WHAT IS REQUIRED:
Please reproduce the entries below exactly, omitting any images they contain.

================================

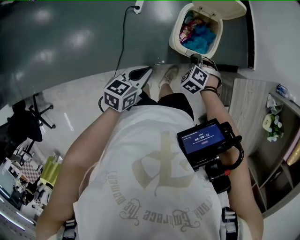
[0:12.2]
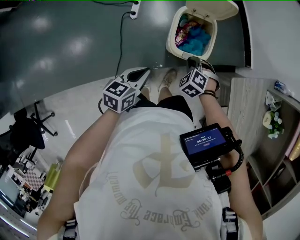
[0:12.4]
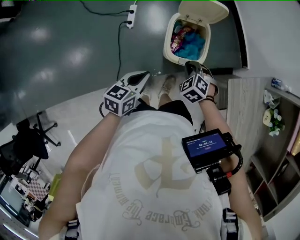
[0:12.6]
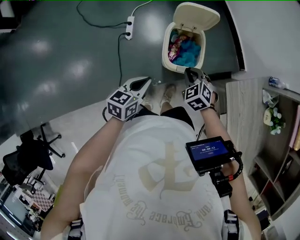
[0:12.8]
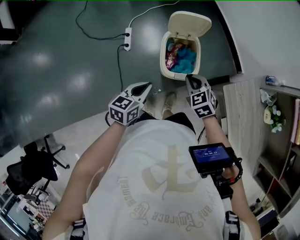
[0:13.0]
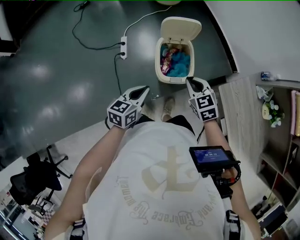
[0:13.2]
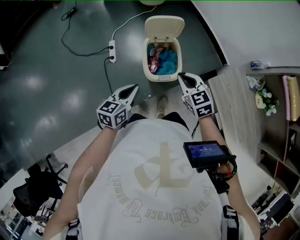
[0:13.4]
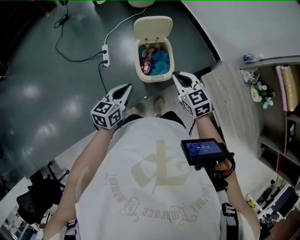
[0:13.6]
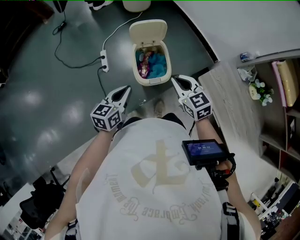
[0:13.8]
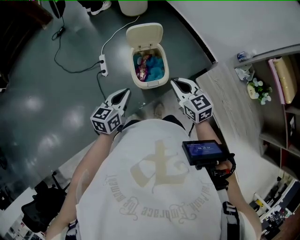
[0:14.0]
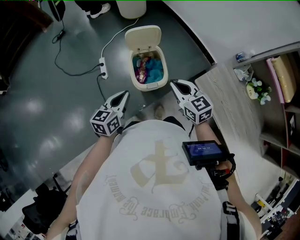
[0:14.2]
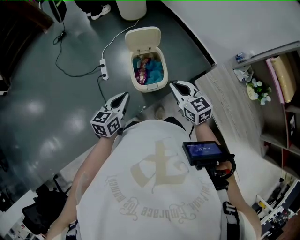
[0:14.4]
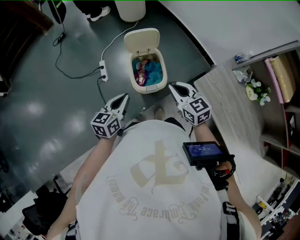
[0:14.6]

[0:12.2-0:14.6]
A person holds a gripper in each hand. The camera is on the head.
0:12.2 to 0:13.4: The right gripper shifts roughly 20 cm upward, and rotates around the line of its fingers by some 50 degrees, clockwise from behind. Meanwhile the left gripper goes roughly 10 cm upward and forward.
0:13.4 to 0:14.6: The right gripper moves approximately 5 cm.

================================

RESPONSE TO THIS TASK:
[0:12.2]
[0:12.4]
[0:12.6]
[0:12.8]
[0:13.0]
[0:13.2]
[0:13.4]
[0:13.6]
[0:13.8]
[0:14.0]
[0:14.2]
[0:14.4]
[0:14.6]

[0:12.2-0:14.6]
A person holds a gripper in each hand. The camera is on the head.
0:12.2 to 0:13.4: The right gripper shifts roughly 20 cm upward, and rotates around the line of its fingers by some 50 degrees, clockwise from behind. Meanwhile the left gripper goes roughly 10 cm upward and forward.
0:13.4 to 0:14.6: The right gripper moves approximately 5 cm.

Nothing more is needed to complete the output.